== WHAT THE TASK REQUIRES ==
Which lines in the data below contain the word "edges"? Pull each of them out.

== AVAILABLE DATA ==
== Segment start ==
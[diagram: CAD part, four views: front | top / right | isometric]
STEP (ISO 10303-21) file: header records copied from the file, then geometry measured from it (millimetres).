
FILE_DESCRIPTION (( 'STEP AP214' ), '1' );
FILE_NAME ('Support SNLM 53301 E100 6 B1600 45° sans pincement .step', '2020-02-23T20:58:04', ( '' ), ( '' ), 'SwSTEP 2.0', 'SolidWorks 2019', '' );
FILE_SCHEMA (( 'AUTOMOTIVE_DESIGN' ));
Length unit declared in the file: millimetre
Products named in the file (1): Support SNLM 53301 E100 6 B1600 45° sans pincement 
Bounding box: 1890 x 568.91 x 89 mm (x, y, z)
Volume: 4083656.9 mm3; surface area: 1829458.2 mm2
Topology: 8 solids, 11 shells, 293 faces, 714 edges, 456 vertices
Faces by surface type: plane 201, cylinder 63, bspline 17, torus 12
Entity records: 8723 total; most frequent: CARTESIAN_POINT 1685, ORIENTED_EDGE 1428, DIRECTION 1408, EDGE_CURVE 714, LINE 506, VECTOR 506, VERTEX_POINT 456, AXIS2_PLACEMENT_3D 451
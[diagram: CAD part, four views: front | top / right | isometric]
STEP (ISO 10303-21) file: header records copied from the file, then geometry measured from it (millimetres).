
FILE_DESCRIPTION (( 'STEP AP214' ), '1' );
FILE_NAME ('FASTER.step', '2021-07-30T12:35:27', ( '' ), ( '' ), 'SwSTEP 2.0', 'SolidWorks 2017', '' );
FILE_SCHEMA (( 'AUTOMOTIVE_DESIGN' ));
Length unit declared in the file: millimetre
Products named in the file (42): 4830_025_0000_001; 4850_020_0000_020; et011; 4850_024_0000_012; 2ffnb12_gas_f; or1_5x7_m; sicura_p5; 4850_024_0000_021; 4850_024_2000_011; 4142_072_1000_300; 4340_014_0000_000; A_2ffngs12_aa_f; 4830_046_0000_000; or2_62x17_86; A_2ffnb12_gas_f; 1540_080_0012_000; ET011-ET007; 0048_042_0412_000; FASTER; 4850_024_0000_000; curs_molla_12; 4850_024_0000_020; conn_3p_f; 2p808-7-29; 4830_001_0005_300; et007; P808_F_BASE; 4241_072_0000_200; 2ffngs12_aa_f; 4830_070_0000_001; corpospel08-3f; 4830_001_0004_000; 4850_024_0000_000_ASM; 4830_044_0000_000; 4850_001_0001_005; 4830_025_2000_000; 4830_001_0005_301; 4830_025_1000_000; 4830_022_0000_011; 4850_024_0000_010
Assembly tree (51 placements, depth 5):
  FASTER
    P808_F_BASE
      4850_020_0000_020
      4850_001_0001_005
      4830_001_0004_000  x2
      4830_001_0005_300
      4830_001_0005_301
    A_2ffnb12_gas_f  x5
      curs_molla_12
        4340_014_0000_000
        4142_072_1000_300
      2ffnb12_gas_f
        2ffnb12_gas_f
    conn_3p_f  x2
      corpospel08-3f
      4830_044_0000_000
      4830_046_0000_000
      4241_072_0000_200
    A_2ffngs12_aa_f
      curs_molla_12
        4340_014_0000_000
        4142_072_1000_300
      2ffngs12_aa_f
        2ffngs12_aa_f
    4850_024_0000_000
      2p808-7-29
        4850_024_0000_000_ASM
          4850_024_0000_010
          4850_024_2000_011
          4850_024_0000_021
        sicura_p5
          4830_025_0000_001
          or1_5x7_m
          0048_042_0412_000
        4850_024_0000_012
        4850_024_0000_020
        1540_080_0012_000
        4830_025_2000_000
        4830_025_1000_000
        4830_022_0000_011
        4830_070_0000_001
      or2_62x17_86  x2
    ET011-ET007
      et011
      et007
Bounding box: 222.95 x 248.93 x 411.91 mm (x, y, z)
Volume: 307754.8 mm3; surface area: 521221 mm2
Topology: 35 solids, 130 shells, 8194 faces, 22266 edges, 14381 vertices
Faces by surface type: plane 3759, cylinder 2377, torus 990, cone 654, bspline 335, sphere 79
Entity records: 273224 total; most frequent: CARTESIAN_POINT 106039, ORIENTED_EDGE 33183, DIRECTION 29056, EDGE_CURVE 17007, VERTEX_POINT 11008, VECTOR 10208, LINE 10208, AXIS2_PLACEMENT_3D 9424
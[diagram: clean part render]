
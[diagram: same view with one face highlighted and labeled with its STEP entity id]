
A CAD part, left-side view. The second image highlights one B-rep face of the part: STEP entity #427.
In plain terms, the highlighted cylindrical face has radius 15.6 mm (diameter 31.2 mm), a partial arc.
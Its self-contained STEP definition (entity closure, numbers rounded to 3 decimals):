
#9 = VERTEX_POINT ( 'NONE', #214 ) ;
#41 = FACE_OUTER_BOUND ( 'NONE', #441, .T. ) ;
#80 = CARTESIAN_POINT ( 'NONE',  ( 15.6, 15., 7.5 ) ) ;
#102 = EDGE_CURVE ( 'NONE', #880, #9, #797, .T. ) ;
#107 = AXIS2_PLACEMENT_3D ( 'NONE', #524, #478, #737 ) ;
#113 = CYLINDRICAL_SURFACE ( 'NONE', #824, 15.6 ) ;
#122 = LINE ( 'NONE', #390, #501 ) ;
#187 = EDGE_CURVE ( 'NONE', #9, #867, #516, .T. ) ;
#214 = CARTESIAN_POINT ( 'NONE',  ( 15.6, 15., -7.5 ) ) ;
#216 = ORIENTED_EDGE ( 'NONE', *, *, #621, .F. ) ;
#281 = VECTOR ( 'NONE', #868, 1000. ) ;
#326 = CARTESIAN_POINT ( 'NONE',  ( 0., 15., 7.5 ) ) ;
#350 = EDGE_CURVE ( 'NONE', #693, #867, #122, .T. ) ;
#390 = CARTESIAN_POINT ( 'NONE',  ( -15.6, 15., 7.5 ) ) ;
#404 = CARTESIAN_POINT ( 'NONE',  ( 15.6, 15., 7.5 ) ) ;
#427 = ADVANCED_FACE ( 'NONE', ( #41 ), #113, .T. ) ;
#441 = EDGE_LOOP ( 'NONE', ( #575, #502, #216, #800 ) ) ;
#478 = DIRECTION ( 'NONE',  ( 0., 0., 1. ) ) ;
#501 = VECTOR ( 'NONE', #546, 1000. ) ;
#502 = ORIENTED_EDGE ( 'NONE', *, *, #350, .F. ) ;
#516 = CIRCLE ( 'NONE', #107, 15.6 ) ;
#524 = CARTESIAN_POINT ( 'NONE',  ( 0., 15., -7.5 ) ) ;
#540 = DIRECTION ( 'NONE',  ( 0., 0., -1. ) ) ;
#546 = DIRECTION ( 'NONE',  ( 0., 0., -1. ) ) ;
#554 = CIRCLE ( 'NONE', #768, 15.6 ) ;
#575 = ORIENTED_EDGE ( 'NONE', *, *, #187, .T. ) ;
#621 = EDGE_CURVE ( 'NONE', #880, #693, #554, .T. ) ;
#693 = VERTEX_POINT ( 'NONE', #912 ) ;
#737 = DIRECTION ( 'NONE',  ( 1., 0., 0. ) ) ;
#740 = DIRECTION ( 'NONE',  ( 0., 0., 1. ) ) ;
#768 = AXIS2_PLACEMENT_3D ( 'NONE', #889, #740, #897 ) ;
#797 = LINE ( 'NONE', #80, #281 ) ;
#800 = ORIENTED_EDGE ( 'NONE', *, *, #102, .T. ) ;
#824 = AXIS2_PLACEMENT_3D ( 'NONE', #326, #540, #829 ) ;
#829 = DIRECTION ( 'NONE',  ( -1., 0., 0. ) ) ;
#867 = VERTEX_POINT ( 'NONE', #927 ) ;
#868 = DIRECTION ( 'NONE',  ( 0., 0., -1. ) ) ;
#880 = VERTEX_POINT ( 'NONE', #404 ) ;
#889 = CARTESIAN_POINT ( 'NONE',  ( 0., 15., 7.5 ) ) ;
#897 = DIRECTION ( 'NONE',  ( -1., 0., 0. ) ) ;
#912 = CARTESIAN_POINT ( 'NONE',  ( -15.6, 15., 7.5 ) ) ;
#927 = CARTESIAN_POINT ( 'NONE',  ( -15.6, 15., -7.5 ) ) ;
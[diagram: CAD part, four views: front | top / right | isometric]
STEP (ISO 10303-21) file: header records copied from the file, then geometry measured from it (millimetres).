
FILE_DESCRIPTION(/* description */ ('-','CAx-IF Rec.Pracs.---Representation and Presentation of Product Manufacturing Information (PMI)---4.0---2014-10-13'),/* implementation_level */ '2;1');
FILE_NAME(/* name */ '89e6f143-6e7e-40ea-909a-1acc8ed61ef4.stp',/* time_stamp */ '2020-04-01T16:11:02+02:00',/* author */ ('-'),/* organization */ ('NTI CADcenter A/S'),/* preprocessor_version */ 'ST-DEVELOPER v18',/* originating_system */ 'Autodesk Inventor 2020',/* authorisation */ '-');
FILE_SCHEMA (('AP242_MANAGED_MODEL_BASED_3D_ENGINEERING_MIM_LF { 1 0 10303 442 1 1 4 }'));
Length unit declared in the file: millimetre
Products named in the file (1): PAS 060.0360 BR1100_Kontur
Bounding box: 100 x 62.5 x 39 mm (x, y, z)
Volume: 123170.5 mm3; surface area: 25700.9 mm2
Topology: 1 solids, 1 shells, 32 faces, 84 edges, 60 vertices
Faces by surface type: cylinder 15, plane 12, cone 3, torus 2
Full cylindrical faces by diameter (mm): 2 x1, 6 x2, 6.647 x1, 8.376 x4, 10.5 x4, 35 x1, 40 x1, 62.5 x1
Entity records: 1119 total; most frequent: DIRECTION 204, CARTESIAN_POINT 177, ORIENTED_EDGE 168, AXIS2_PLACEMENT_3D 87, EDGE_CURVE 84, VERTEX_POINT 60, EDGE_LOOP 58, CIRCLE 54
== Segment end ==
== SOLUTION TO THIS PROBLEM ==
Topology: 8 solids, 11 shells, 293 faces, 714 edges, 456 vertices
Topology: 35 solids, 130 shells, 8194 faces, 22266 edges, 14381 vertices
Topology: 1 solids, 1 shells, 32 faces, 84 edges, 60 vertices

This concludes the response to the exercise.